Nothing should differ between your answer and the records below.

[Source data]
========================================================================
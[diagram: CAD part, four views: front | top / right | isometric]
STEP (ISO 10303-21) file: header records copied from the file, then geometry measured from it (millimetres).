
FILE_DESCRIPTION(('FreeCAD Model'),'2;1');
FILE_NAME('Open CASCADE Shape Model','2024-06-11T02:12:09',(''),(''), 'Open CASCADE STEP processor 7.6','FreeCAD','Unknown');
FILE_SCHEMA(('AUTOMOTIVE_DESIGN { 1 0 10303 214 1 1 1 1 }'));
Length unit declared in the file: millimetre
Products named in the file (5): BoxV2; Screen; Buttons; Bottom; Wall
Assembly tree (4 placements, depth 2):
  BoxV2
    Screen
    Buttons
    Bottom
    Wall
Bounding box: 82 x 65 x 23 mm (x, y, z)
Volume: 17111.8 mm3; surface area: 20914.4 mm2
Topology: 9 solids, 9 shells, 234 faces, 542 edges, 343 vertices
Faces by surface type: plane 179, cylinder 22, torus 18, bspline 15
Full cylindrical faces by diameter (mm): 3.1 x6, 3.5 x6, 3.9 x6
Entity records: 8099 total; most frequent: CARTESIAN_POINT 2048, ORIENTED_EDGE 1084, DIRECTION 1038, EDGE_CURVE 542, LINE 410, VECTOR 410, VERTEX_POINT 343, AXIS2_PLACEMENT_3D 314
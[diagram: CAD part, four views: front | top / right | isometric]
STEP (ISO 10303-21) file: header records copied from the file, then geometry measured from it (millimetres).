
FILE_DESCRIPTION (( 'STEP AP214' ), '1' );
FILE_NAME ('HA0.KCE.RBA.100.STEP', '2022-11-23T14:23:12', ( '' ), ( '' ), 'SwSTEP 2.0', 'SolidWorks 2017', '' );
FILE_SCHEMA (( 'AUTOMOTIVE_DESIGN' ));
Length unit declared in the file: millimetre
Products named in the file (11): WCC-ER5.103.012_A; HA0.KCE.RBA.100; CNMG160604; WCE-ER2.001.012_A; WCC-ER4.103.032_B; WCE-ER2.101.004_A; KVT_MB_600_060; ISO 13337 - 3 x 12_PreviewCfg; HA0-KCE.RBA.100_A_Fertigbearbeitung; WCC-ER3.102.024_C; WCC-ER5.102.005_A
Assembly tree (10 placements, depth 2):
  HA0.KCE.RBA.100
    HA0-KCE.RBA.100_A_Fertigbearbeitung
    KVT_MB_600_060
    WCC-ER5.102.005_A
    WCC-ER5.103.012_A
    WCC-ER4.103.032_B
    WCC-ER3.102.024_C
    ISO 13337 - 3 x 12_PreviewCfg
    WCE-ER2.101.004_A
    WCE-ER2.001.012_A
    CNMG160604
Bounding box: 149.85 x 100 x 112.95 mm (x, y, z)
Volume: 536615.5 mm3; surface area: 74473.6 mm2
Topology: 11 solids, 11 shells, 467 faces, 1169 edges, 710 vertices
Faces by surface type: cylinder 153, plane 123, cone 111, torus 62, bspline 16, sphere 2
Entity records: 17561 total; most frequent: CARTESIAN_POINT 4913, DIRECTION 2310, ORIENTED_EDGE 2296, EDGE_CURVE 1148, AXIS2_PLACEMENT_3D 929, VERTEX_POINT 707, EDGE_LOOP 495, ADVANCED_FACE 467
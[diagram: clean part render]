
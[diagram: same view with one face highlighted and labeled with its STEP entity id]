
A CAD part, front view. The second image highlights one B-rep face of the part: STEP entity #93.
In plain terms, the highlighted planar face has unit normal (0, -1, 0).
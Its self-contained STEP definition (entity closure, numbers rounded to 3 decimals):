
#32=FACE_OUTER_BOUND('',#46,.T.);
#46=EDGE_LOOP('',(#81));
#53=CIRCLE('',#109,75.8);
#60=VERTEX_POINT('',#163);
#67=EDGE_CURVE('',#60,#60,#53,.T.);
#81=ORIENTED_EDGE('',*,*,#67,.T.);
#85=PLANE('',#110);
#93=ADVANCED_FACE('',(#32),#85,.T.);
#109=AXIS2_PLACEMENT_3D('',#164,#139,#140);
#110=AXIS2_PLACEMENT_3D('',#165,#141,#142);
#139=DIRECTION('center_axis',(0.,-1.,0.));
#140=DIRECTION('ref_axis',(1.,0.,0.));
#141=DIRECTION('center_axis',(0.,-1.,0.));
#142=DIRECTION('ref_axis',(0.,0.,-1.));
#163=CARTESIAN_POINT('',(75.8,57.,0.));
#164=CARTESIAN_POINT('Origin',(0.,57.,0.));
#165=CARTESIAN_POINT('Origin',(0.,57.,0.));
========================================================================
[Response below]
[diagram: CAD part, four views: front | top / right | isometric]
STEP (ISO 10303-21) file: header records copied from the file, then geometry measured from it (millimetres).
FILE_DESCRIPTION(('FreeCAD Model'),'2;1');
FILE_NAME('Open CASCADE Shape Model','2024-06-11T02:12:09',(''),(''), 'Open CASCADE STEP processor 7.6','FreeCAD','Unknown');
FILE_SCHEMA(('AUTOMOTIVE_DESIGN { 1 0 10303 214 1 1 1 1 }'));
Length unit declared in the file: millimetre
Products named in the file (5): BoxV2; Screen; Buttons; Bottom; Wall
Assembly tree (4 placements, depth 2):
  BoxV2
    Screen
    Buttons
    Bottom
    Wall
Bounding box: 82 x 65 x 23 mm (x, y, z)
Volume: 17111.8 mm3; surface area: 20914.4 mm2
Topology: 9 solids, 9 shells, 234 faces, 542 edges, 343 vertices
Faces by surface type: plane 179, cylinder 22, torus 18, bspline 15
Full cylindrical faces by diameter (mm): 3.1 x6, 3.5 x6, 3.9 x6
Entity records: 8099 total; most frequent: CARTESIAN_POINT 2048, ORIENTED_EDGE 1084, DIRECTION 1038, EDGE_CURVE 542, LINE 410, VECTOR 410, VERTEX_POINT 343, AXIS2_PLACEMENT_3D 314
[diagram: CAD part, four views: front | top / right | isometric]
STEP (ISO 10303-21) file: header records copied from the file, then geometry measured from it (millimetres).
FILE_DESCRIPTION (( 'STEP AP214' ), '1' );
FILE_NAME ('HA0.KCE.RBA.100.STEP', '2022-11-23T14:23:12', ( '' ), ( '' ), 'SwSTEP 2.0', 'SolidWorks 2017', '' );
FILE_SCHEMA (( 'AUTOMOTIVE_DESIGN' ));
Length unit declared in the file: millimetre
Products named in the file (11): WCC-ER5.103.012_A; HA0.KCE.RBA.100; CNMG160604; WCE-ER2.001.012_A; WCC-ER4.103.032_B; WCE-ER2.101.004_A; KVT_MB_600_060; ISO 13337 - 3 x 12_PreviewCfg; HA0-KCE.RBA.100_A_Fertigbearbeitung; WCC-ER3.102.024_C; WCC-ER5.102.005_A
Assembly tree (10 placements, depth 2):
  HA0.KCE.RBA.100
    HA0-KCE.RBA.100_A_Fertigbearbeitung
    KVT_MB_600_060
    WCC-ER5.102.005_A
    WCC-ER5.103.012_A
    WCC-ER4.103.032_B
    WCC-ER3.102.024_C
    ISO 13337 - 3 x 12_PreviewCfg
    WCE-ER2.101.004_A
    WCE-ER2.001.012_A
    CNMG160604
Bounding box: 149.85 x 100 x 112.95 mm (x, y, z)
Volume: 536615.5 mm3; surface area: 74473.6 mm2
Topology: 11 solids, 11 shells, 467 faces, 1169 edges, 710 vertices
Faces by surface type: cylinder 153, plane 123, cone 111, torus 62, bspline 16, sphere 2
Entity records: 17561 total; most frequent: CARTESIAN_POINT 4913, DIRECTION 2310, ORIENTED_EDGE 2296, EDGE_CURVE 1148, AXIS2_PLACEMENT_3D 929, VERTEX_POINT 707, EDGE_LOOP 495, ADVANCED_FACE 467
[diagram: clean part render]
[diagram: same view with one face highlighted and labeled with its STEP entity id]
A CAD part, front view. The second image highlights one B-rep face of the part: STEP entity #93.
In plain terms, the highlighted planar face has unit normal (0, -1, 0).
Its self-contained STEP definition (entity closure, numbers rounded to 3 decimals):
#32=FACE_OUTER_BOUND('',#46,.T.);
#46=EDGE_LOOP('',(#81));
#53=CIRCLE('',#109,75.8);
#60=VERTEX_POINT('',#163);
#67=EDGE_CURVE('',#60,#60,#53,.T.);
#81=ORIENTED_EDGE('',*,*,#67,.T.);
#85=PLANE('',#110);
#93=ADVANCED_FACE('',(#32),#85,.T.);
#109=AXIS2_PLACEMENT_3D('',#164,#139,#140);
#110=AXIS2_PLACEMENT_3D('',#165,#141,#142);
#139=DIRECTION('center_axis',(0.,-1.,0.));
#140=DIRECTION('ref_axis',(1.,0.,0.));
#141=DIRECTION('center_axis',(0.,-1.,0.));
#142=DIRECTION('ref_axis',(0.,0.,-1.));
#163=CARTESIAN_POINT('',(75.8,57.,0.));
#164=CARTESIAN_POINT('Origin',(0.,57.,0.));
#165=CARTESIAN_POINT('Origin',(0.,57.,0.));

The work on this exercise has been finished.